Retention is pin-aware like every other pass: it never runs while a reader holds a pin, the boundary is aligned to the partition width so the Iceberg delete removes whole files without rewriting, and it never passes a partition whose heap rows still exist. The current boundary is retention_line in modak.status. Corrections (modak_upsert/modak_delete) targeting rows below the line are rejected, since there is nothing left to correct.

Retention is tiered-only. A mirrored table's heap drop relies on the lake holding full history, so the two retention flags exclude each other.

Keep-heap

--keep-heap (tiered-only) turns off the drop stage. Partitions still tier into Iceberg and the cut-line still advances, but every heap partition rests at TIERED and keeps its rows. When a partition tiers, the worker attaches the extension's cold-mirror trigger to it, so plain DML below the cut-line keeps flowing into modak.delta and from there into the lake. Because keep-heap means nothing is deleted anywhere, it excludes --lake-retention, and modak-worker verify gains a heap-vs-lake comparison below the cut-line, since the heap stays complete and comparable.

Future partitions

The daemon premakes heap partitions ahead of the write frontier, so inserts never fail for lack of a partition. Each cycle it keeps at least MODAK_PREMAKE_PARTITIONS (default 2) empty partition widths between the table's max(tier_key) and the top partition bound, inferring the width from the topmost existing partition. Operators create the first partitions at CREATE TABLE time, and the worker takes it from there.

What tiered registration does

  1. Creates the Iceberg table (create-if-absent, so re-running is safe) and seeds its metadata_location in the catalog, so pinned reads work before the first commit.
  2. Initializes the cut-line at the oldest partition floor.
  3. Mirrors the table's pg_inherits children into modak.partitions. From then on you just CREATE TABLE ... PARTITION OF and the worker picks new partitions up on its next cycle.

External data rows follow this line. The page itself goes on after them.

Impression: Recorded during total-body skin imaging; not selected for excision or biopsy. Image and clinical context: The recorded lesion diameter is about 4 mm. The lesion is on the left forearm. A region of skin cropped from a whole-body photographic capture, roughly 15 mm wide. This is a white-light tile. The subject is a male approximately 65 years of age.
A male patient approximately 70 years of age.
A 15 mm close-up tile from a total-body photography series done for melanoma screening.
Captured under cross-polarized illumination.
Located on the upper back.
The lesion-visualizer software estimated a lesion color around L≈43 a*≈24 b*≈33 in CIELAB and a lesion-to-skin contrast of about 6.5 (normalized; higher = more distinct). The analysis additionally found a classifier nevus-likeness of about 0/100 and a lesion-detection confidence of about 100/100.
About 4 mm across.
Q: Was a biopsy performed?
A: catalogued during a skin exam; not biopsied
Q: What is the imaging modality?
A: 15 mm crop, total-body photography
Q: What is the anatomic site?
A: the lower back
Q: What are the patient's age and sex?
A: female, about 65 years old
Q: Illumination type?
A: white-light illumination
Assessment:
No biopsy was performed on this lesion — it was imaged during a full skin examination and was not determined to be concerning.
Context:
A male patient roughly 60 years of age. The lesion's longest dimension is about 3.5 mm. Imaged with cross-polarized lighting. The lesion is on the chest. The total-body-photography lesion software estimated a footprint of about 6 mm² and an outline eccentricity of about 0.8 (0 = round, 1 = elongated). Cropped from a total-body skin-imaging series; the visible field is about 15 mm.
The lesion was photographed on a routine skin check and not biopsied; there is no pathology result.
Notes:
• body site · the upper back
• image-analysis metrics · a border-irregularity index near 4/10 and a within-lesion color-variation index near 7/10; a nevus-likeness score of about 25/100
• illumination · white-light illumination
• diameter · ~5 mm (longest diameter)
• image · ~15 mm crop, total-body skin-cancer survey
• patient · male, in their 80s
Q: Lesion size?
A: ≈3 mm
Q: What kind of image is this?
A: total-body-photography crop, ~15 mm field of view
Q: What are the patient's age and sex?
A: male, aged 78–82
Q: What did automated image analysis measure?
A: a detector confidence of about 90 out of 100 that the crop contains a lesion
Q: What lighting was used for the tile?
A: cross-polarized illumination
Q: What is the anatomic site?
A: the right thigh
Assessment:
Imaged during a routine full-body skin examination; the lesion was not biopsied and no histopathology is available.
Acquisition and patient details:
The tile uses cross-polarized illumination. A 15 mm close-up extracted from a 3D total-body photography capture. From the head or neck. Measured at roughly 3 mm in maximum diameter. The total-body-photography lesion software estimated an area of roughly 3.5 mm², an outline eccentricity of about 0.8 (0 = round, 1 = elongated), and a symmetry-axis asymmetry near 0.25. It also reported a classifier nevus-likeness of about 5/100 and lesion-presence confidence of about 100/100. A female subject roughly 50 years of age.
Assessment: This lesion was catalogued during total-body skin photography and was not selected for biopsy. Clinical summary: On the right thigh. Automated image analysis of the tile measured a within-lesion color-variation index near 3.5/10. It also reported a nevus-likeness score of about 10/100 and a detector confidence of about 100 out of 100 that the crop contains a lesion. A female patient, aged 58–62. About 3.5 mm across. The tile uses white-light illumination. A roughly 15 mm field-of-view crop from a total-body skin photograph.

What mirrored registration does

  1. Sets REPLICA IDENTITY FULL on the table (deletes and TOAST updates need the old row image).
  2. Creates a publication and a logical replication slot. The slot's consistent point marks where streaming will start.
  3. Copies existing rows to Iceberg in PK-ordered chunks (--chunk-rows, default 50000), each chunk journaled in modak.copy_progress.

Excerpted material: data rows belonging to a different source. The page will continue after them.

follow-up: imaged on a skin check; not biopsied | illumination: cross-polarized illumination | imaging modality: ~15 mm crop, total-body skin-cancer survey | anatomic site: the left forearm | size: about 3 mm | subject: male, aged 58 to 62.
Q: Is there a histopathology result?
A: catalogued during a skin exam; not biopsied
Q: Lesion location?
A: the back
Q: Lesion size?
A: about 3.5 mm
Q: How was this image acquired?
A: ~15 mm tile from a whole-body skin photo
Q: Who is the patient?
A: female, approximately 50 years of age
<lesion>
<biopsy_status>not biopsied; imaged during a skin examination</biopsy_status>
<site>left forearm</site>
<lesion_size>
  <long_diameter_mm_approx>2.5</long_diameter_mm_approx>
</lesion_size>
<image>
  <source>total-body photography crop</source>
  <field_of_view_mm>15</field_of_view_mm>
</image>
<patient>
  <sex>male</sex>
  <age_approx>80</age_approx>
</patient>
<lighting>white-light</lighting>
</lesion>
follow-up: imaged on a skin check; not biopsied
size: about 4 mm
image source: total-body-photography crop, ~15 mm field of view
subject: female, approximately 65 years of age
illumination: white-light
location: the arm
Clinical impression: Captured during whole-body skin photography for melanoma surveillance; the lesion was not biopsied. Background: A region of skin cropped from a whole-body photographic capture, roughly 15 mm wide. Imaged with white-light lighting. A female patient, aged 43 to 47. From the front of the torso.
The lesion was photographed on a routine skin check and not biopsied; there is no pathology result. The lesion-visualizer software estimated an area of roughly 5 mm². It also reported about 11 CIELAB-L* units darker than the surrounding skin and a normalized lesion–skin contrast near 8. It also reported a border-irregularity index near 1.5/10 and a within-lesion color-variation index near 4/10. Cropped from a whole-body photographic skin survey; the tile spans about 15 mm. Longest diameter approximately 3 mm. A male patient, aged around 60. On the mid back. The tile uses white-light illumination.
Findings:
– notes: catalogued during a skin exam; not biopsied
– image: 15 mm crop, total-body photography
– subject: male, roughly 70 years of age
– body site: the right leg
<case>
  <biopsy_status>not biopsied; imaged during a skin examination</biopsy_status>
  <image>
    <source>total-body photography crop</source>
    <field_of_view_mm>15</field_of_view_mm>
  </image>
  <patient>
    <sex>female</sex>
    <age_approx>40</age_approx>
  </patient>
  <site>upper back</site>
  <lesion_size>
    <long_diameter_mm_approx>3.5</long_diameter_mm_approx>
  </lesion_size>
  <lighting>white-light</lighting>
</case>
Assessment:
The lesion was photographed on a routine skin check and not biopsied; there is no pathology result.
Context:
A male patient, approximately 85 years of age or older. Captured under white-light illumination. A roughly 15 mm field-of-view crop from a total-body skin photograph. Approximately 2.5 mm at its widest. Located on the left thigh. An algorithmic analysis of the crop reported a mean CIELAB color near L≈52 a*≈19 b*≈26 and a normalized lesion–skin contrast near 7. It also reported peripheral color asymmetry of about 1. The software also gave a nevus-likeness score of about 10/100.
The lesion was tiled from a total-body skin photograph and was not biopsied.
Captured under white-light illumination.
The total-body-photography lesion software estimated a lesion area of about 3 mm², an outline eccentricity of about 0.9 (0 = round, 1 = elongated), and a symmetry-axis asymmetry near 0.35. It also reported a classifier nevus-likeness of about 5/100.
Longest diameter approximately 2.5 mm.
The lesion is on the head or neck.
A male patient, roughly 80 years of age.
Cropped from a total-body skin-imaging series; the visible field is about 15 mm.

The copy is fully resumable. If it dies, re-run the same register command and it continues from the last journaled chunk. Streaming then starts at the slot's consistent point, so rows changed during the copy are healed by the idempotent fold, with no gap and no duplicates. Until the copy lands the table has no mirror frontier and the daemon skips it.

Iceberg partitioning

New Iceberg tables are laid out as truncate(tier_key, width), one lake partition per width-sized tier-key band, so lake engines and maintenance can prune by tier key. Tiered tables infer the width from the first Postgres range partition. Mirrored and unpartitioned tables stay unpartitioned unless you pass --partition-width explicitly (0 forces unpartitioned). The spec applies at table creation only. Re-registering does not rewrite an existing layout.

Permissions

Registration alters the table, creates a publication, and creates a replication slot, so run it as a role with table ownership and REPLICATION. See Production deployment for the exact grants.